IV. Q3 2024: 2nd Highest
Revenue to NGDP, Headline GDP Weakens—The Crowding Out Effect?
In its September disclosure, the Bureau of
the Treasury cited changes in the VAT schedule as a key factor boosting tax
collections: " The
increase in VAT collections in 2024 is partly due to the impact of the
change in payment schedule introduced by the TRAIN law provision which
allows the tax filers to shift from monthly to quarterly filing of VAT return"
(Bureau of Treasury, October 2024) [bold added]
Once again, the adjustment in VAT
schedules played a pivotal role in increasing revenues, helping to reduce the
deficit and debt—a topic we discussed in September 2024 (Prudent Investor,
September 2024).
Or, whether by design or as an
unintended consequence, a critical factor in the slower deficit has been a
shift in government tax collection and accounting procedures.

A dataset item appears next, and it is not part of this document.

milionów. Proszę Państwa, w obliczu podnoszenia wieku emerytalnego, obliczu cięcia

But what will happen if, under the same
economic conditions or with only slight improvements, the effects of such
transient changes wear off? Will the deficit soar again?
Moreover, it is important to note that all
this is occurring while bank credit expansion and public debt are at record
highs.
What will happen to credit and
liquidity-fueled demand once household and corporate balance sheets become
saturated with leverage?
It’s also noteworthy that, even as the share
of revenue to nominal GDP (NGDP) reached its highest level in Q2 and Q3 of
2024, real GDP continues its downward trend—a dynamic that has persisted since
2016 and reemerged in 2021. (Figure 3, below graph)

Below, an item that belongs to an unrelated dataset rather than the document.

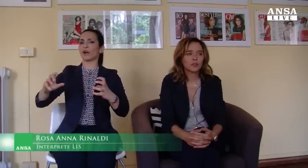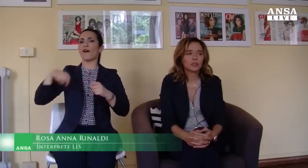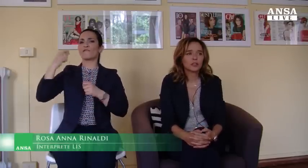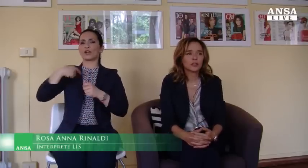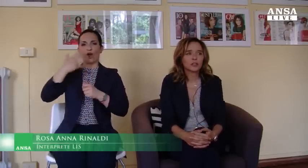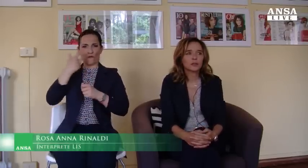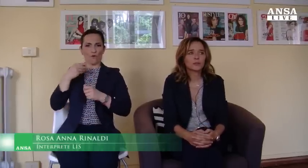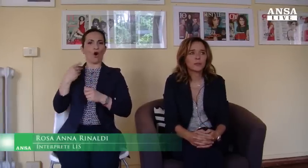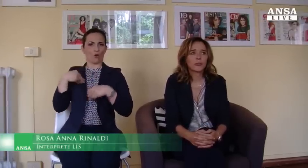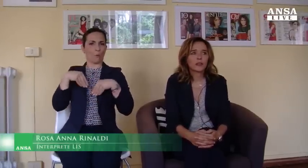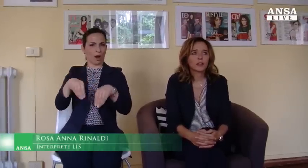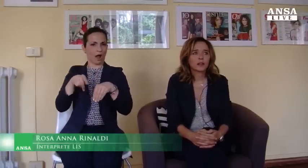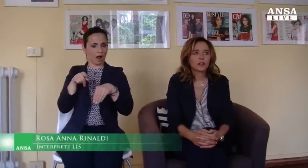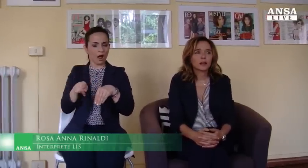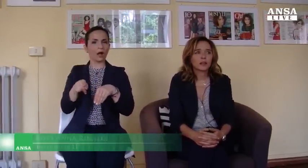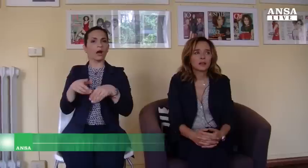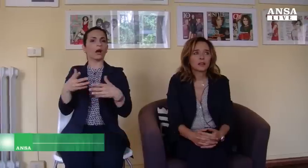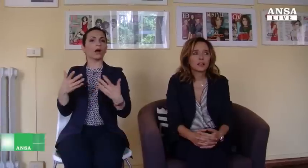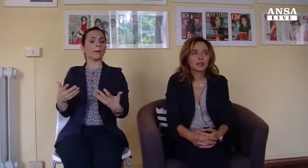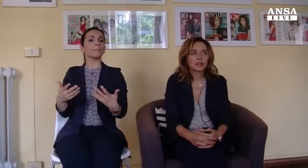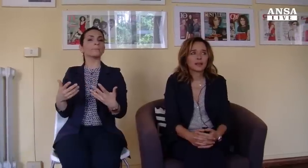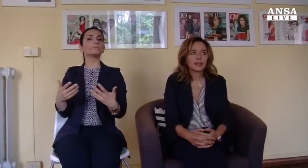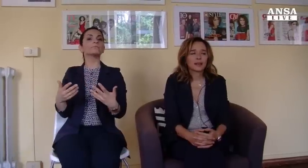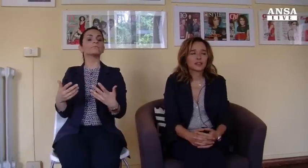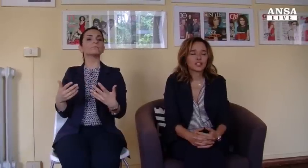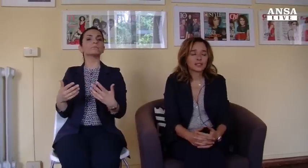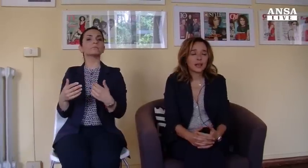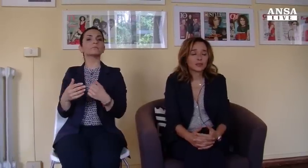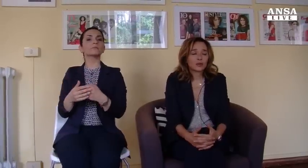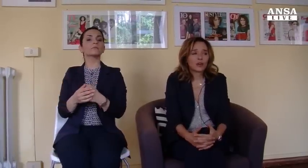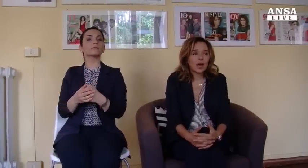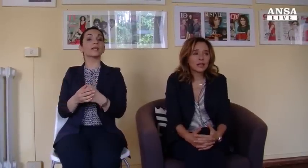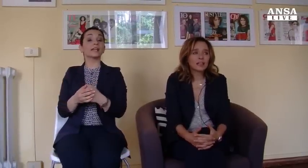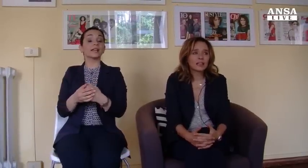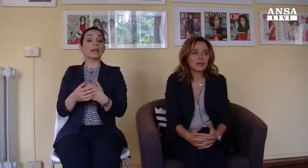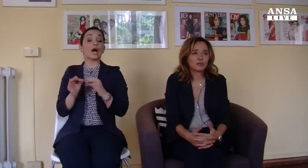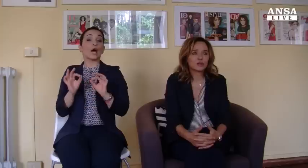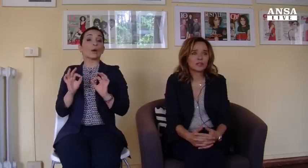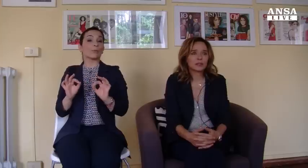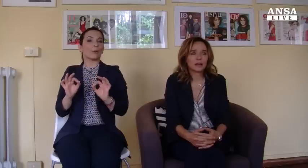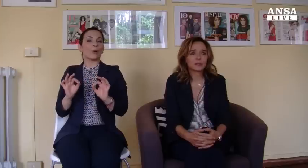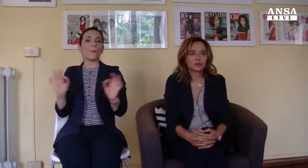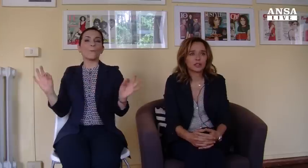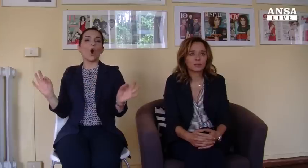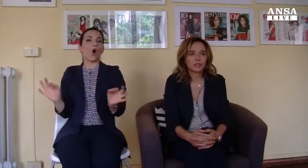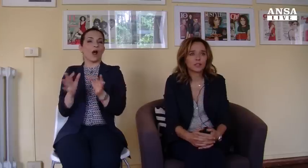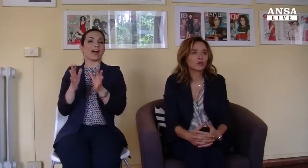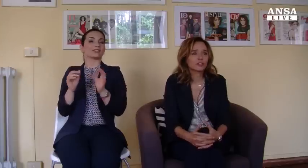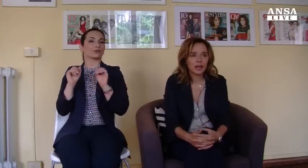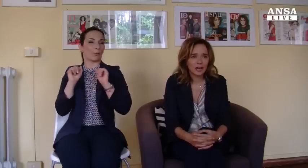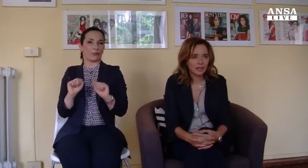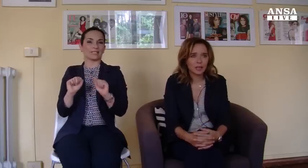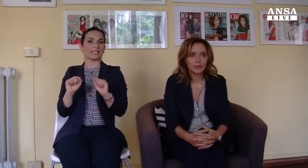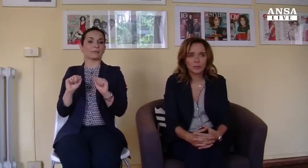film c'è stata anche la possibilità di potermi

Are these not symptoms of the "crowding-out
effect," where the increasing share of government interventions, measured
by expenditures, debt, and deficits, translates into diminished savings and
capital available for private sector investments?
V. Record 10-Month Expenditure:
The Push for "Big Government"
But what about expenditures?
Local Government Unit (LGU) spending surged
by 11.97%, and national disbursement growth reached 14.3%, powering an overall
increase in October expenditures of 11.1%. Interest payments, on the other
hand, fell by 6.1%. The former and the latter two accounted for shares of
18.1%, 66.64%, and 11.9% of the total, respectively.
For the first 10 months of the year,
expenditures grew by 11.5%, reaching a record-high Php 4.73 trillion, driven by
LGU spending, National disbursements, and interest payments, which posted
growth rates of 9.1%, 11.9%, and 23.03%, respectively.
As noted above, these record expenditures
are primarily focused on promoting political agendas: pre-elections, a
subtle shift towards a war economy, and an emphasis on centralization through
infrastructure, welfare, and bureaucratic outlays.
Figure 4
One notable item has played a considerable
role: 10-month interest payments not only outperformed other components in
terms of growth but also reached a record high in peso terms. (Figure 4,
topmost graph)
Additionally, their share of total
expenditures rose to levels last seen in 2009.
That said, the ratio of expenditures to NGDP
remains at 23.98% in Q2 and Q3 and has stayed within the range of 22% to 26%—except
for two occasions—since Q2 2020. (Figure 4, middle chart)
Over the past 18 quarters, this ratio
has averaged 23.4%.
As mentioned above, despite all the hype
about achieving "upper middle income" status and attaining a
"Class A" credit rating, the Philippines continues to operate
under a fiscal stimulus framework, which has only intensified with recent
policies which I dubbed as "Marcos-nomics stimulus."
In the timeless words of the distinguished
economist Milton Friedman, "Nothing is so permanent as a temporary
government program."
Current conditions also validate the
"Big Government" theory articulated by the economist Robert Higgs,
particularly regarding what he termed "The Ratchet Effect." This
concept refers to the "tendency of governments to respond to crises by
implementing new policies, regulations, and laws that significantly enhance
their powers. These measures are typically presented as temporary solutions to
address specific problems. However, in history, these measures often outlast
their intended purpose and become a permanent part of the legal landscape."
(Matulef, 2023)
The push towards "Big Government"
is evident, with approximately a quarter of the statistical economy deriving
from direct government expenditures.
This figure does not include the indirect
contributions from private sector participation in government activities, such
as public-private partnerships (PPPs), suppliers, outsourcing and etc.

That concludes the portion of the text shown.